In addition, "Non-participating teams will be permitted to send an observer to the test."
After the tests Pirelli is obliged to share the results with all the teams, in order to guarantee transparency.
"Comprehensive end-of-test reports will be circulated to all the teams by Pirelli. The reports shall include run by-run and where applicable lap-by-lap summaries of:
- Lap times and sector times.
- Wear profiles.
- Measured grip and cornering stiffness per axle (calculated from the telemetry data). These will be compared to an average 2016 value for this compound and to baseline.
- Measured stabilised carcass temperature, stabilised running pressure and their delta to starting values. These will be compared to an average 2016 value for this compound and to baseline.
- Rolling radius, loaded radius and vertical stiffness (measured during indoor testing) as deltas to typical 2016 values and to baseline.
- Normalised information related to car behaviour coming from the analysis of the telemetry vs baseline, e.g. under/over-steer metrics.
- Driver comments (as recorded by Pirelli)."
In addition the three teams are obliged to share information with their rivals.
"Each participating team will circulate an end-of-test report to all teams and Pirelli.
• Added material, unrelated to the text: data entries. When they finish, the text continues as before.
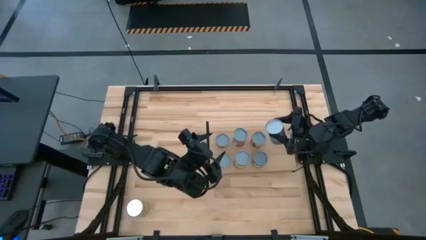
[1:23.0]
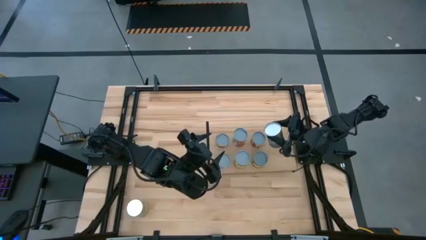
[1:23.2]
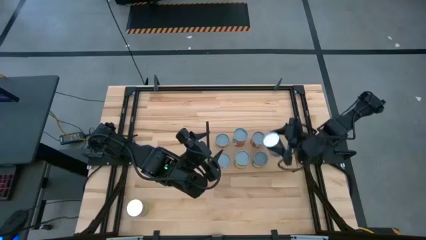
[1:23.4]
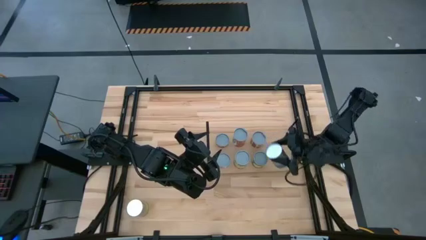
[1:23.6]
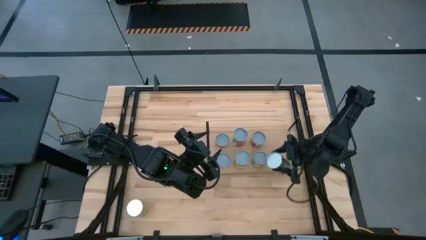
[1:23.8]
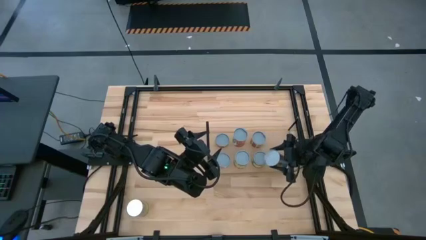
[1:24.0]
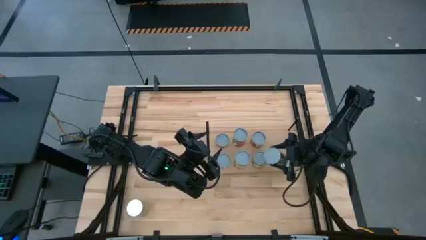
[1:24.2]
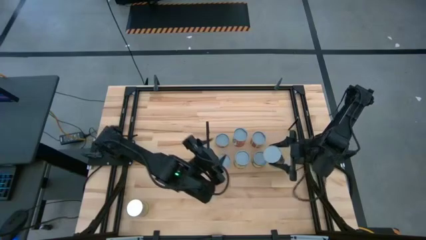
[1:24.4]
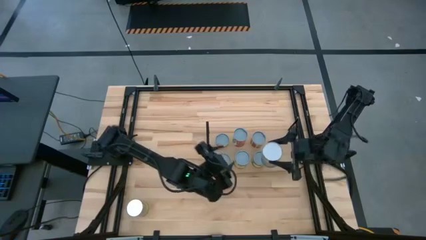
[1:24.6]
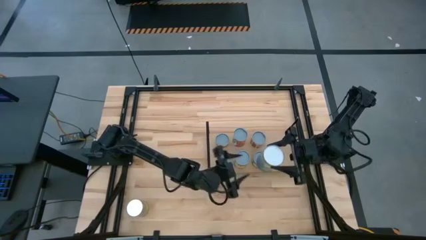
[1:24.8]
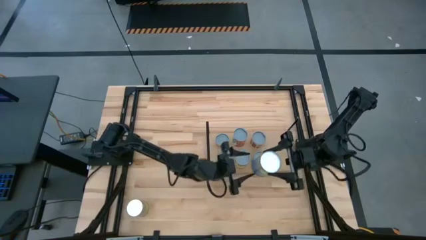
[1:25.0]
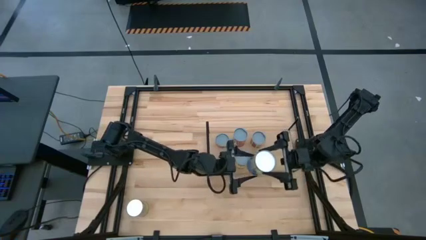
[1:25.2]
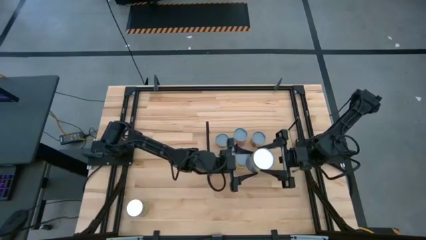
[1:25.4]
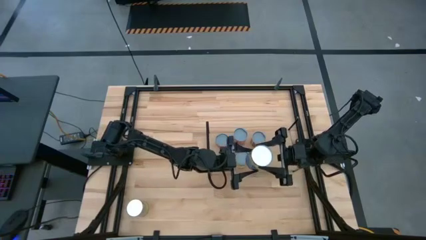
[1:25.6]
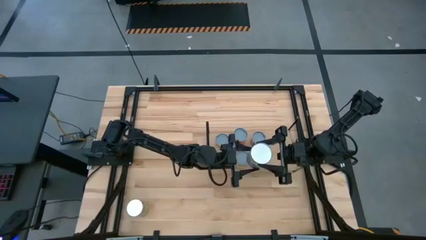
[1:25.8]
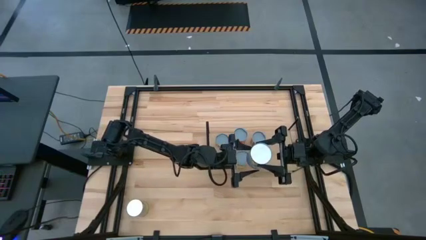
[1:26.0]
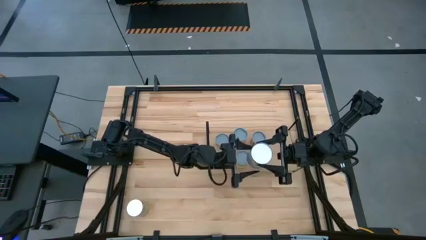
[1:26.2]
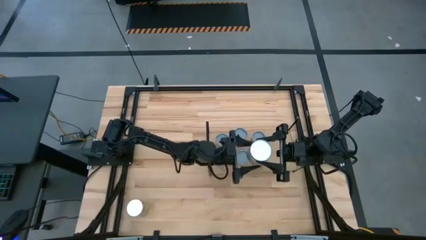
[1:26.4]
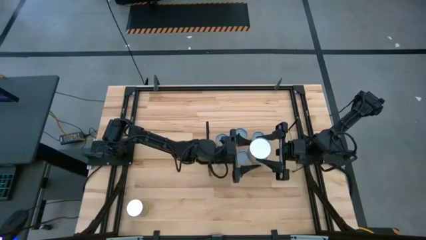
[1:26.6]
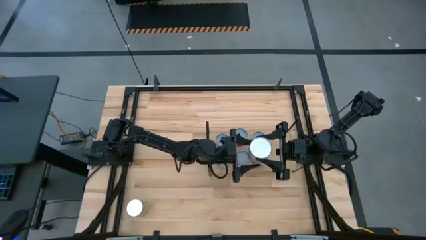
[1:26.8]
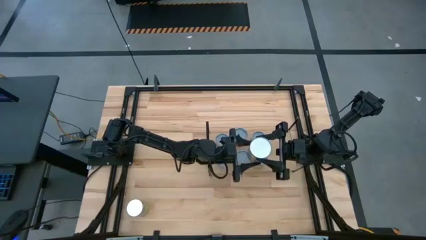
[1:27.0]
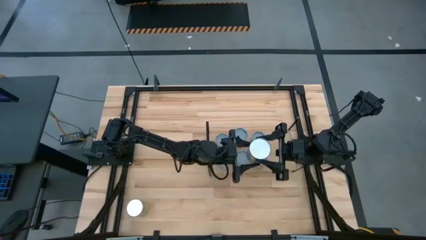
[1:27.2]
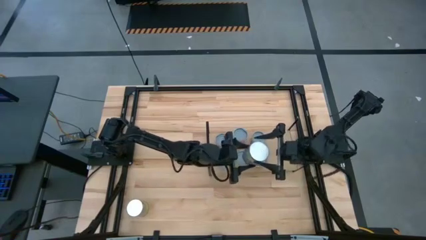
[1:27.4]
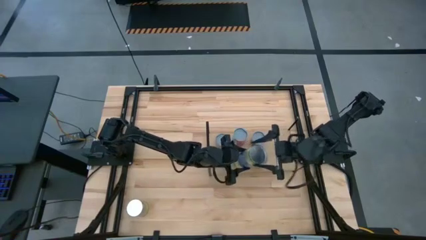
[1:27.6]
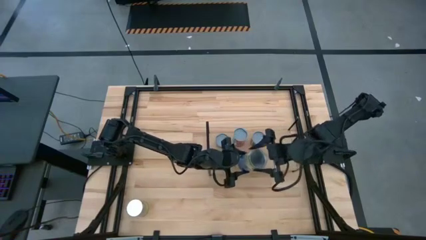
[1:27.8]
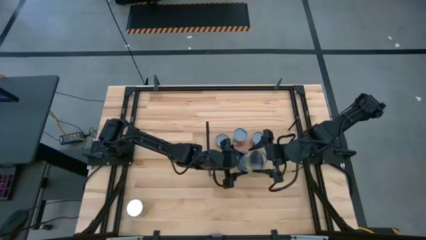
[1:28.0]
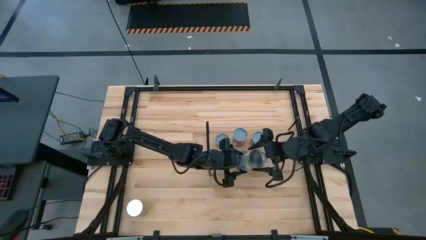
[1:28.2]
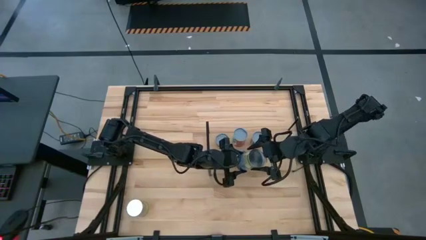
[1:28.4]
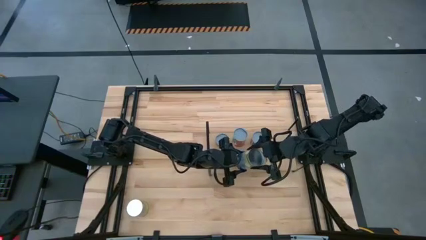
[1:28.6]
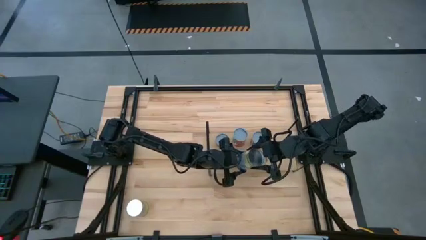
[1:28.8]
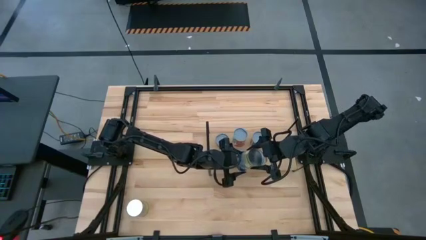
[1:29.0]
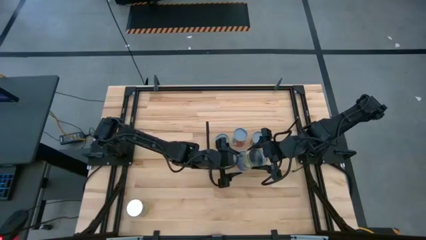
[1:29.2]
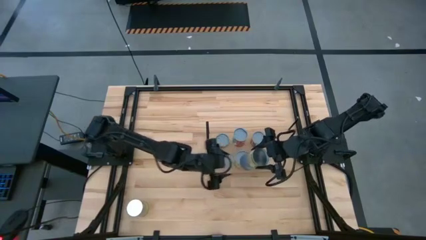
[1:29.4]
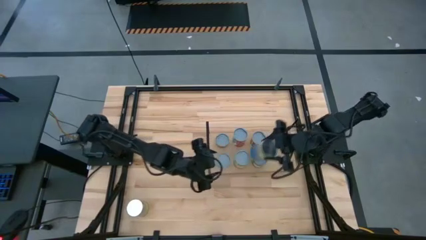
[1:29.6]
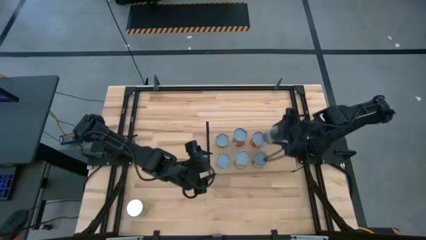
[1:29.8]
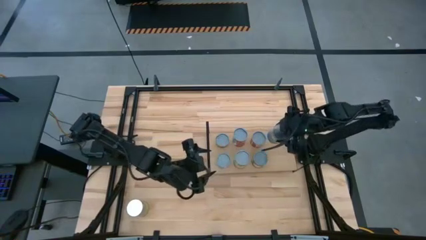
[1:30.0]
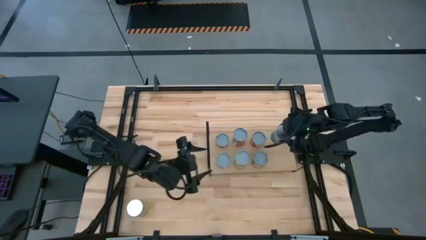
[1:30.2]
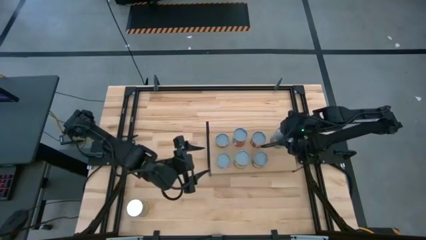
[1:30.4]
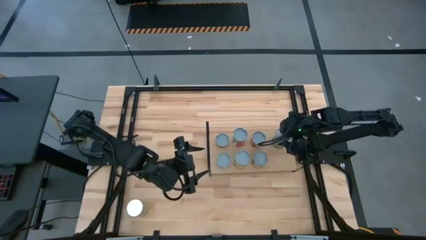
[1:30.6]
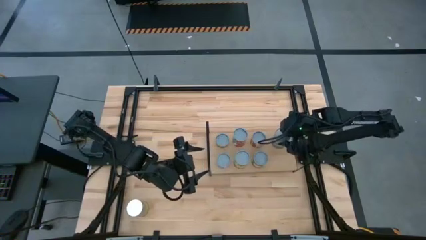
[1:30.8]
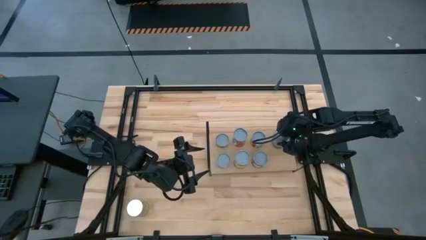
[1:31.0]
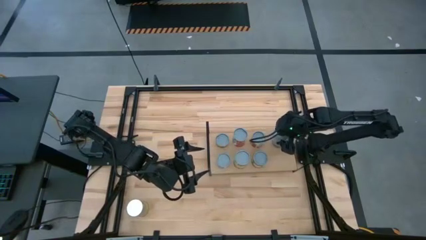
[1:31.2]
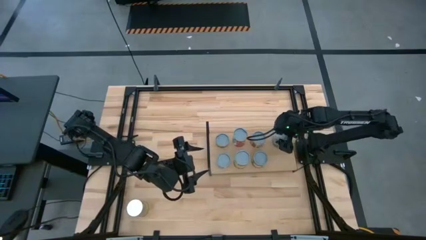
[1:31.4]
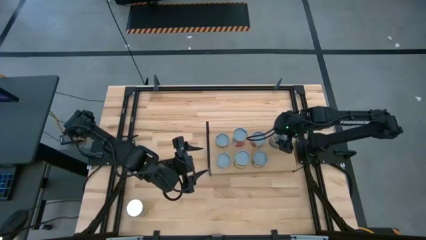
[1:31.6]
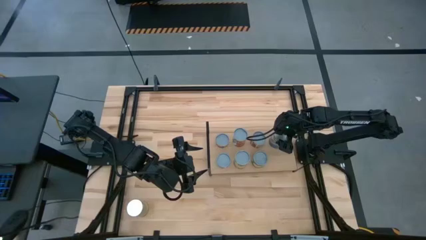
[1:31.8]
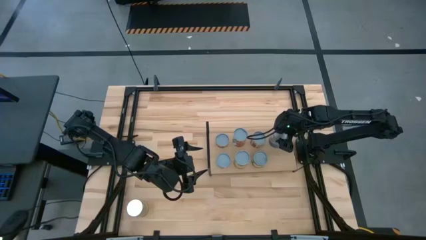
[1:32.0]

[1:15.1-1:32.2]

The reports shall include, for each run:
- Aero-balance, mechanical balance and weight distribution as deltas for the 2017 hybrid car compared to a normal balance on a 2016 car and to baseline.
- Driver comments (as recorded by the team)."
In addition to these Pirelli and team reports other teams can make a request to the FIA if they wish to receive additional data, and "the FIA will change the reporting requirements if judged appropriate."
So all-in-all a pretty substantial set of rules and restrictions from the FIA, which must provide some comfort to the eight teams that are not taking part – and indeed ensure that the three that are doing the testing are a little less suspicious of each other.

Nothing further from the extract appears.